If you are taking premises in a building which contains a variety of businesses and tenants, the landlords will normally retain and repair the structure and exterior of the building. Individual tenants will own the interior of their particular premises – probably the plaster on the walls, the floorboards, and the ceiling surface as far as the joists or concrete above.

You may want to carry out some alterations to your premises. Before doing so, you will need to refer to the clauses in your lease which contain your – the tenants’ – covenants relating to alterations.

Depending on how these provisions have been negotiated at the start of the lease, the restrictions may range from liberal to tough.

Even with the most liberal restrictions, one thing is for certain. You can’t carry out any alterations which might be structural or external because those parts belong to the landlord, not to you. Your lease is only over the interior of your premises. So, if you need to carry out structural or external alterations, that will have to be a matter of special negotiation at the time with the landlords.
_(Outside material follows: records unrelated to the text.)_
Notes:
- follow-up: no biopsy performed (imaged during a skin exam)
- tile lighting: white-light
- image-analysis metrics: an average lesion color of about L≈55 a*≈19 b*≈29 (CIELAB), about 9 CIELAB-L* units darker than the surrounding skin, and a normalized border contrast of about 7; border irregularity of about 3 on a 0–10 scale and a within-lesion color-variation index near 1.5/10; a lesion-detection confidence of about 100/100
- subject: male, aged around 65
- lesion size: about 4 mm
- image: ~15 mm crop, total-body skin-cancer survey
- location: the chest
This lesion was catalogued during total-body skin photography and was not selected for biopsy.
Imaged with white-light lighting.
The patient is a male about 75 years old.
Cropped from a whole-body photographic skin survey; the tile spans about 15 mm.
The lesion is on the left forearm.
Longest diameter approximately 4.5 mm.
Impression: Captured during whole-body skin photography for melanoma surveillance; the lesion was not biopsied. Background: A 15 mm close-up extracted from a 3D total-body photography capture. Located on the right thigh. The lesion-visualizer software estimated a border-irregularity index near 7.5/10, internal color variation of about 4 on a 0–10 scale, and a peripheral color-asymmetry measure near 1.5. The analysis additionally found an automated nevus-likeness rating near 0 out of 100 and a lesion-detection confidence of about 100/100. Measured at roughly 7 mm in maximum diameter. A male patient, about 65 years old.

Returning to the most liberal type of alterations restrictions, they may say that you can carry out some alterations without needing any consent from the landlords at all. The lease may say that you can put in internal non-structural partitions without consent. The only condition might be that you must comply with all legal and regulatory approvals, such as building regulations and CDM regulations.

Tough requirements would say that you can’t carry out any alterations unless you first get the landlord’s written consent. This is stricter than you might think, because this doesn’t just apply to what you might traditionally think of as building works, but also the ripping out or changing of cupboards would be caught, because they are “landlord’s fixtures”.
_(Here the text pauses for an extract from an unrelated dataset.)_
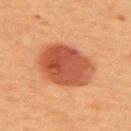Part of a total-body skin-imaging series; this lesion was reviewed on a skin check and was not flagged for biopsy. The lesion is on the upper back. Automated tile analysis of the lesion measured an automated nevus-likeness rating near 100 out of 100 and a detector confidence of about 100 out of 100 that the crop contains a lesion. A female subject aged approximately 50. A 15 mm close-up tile from a total-body photography series done for melanoma screening. Imaged with cross-polarized lighting. The recorded lesion diameter is about 7 mm.
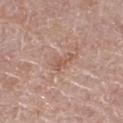workup = total-body-photography surveillance lesion; no biopsy | lighting = white-light illumination | site = the right thigh | subject = female, aged around 65 | diameter = about 3 mm | acquisition = total-body-photography crop, ~15 mm field of view.

Nevertheless, you may think, this isn’t too bad, because you just ask the landlord for consent and, being a reasonable chap, he will give it. But landlords don’t necessarily have to be reasonable in this situation. Landlords can change. The prince of darkness may be looking to increase his property portfolio.

However, you do have some protection from the law. The Landlord and Tenant Act 1927 says that if the lease has conditions requiring the landlord’s consent for alterations, then it’s implied by law that the landlord is not entitled to withhold that consent unreasonably – in respect of alterations which are improvements. So, what are improvements? Fortunately for you, this is judged from the tenant’s point of view, not the landlords’. If something you want to do will help your business, that’s usually going to be an improvement. (The landlords can still withhold consent if they have reasonable grounds – e.g. your works would damage the building, or affect the operation of the building, or affect it in an adverse way.)
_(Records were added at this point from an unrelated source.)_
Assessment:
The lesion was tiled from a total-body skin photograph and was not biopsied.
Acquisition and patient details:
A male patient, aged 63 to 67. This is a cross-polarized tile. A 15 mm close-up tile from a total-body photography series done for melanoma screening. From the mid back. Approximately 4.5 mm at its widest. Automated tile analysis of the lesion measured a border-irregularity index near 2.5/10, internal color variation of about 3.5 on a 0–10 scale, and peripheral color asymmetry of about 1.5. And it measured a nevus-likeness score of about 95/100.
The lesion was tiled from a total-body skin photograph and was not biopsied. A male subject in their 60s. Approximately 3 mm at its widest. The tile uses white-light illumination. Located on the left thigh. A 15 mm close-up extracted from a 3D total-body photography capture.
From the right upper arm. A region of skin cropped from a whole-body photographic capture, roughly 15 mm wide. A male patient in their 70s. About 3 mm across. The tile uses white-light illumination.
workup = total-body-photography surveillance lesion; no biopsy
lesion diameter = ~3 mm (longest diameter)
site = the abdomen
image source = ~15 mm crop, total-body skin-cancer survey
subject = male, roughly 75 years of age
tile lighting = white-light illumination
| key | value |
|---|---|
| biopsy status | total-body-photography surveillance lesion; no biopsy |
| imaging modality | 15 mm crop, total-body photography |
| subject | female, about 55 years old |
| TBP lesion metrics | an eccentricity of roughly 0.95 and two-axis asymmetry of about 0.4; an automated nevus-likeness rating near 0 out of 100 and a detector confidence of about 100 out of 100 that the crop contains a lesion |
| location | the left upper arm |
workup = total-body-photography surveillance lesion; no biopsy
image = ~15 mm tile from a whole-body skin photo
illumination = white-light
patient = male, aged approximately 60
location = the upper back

So, you will eventually get a “licence for alterations” for improvements. But you will have to pay for that. That can be quite costly in legal fees.

From your point of view, the best arrangement to negotiate is that when it comes to alterations which do not affect the structure or exterior of the building, you should be entitled to do them without needing special consent, subject only to complying with all legal requirements, as you would naturally expect to do anyway.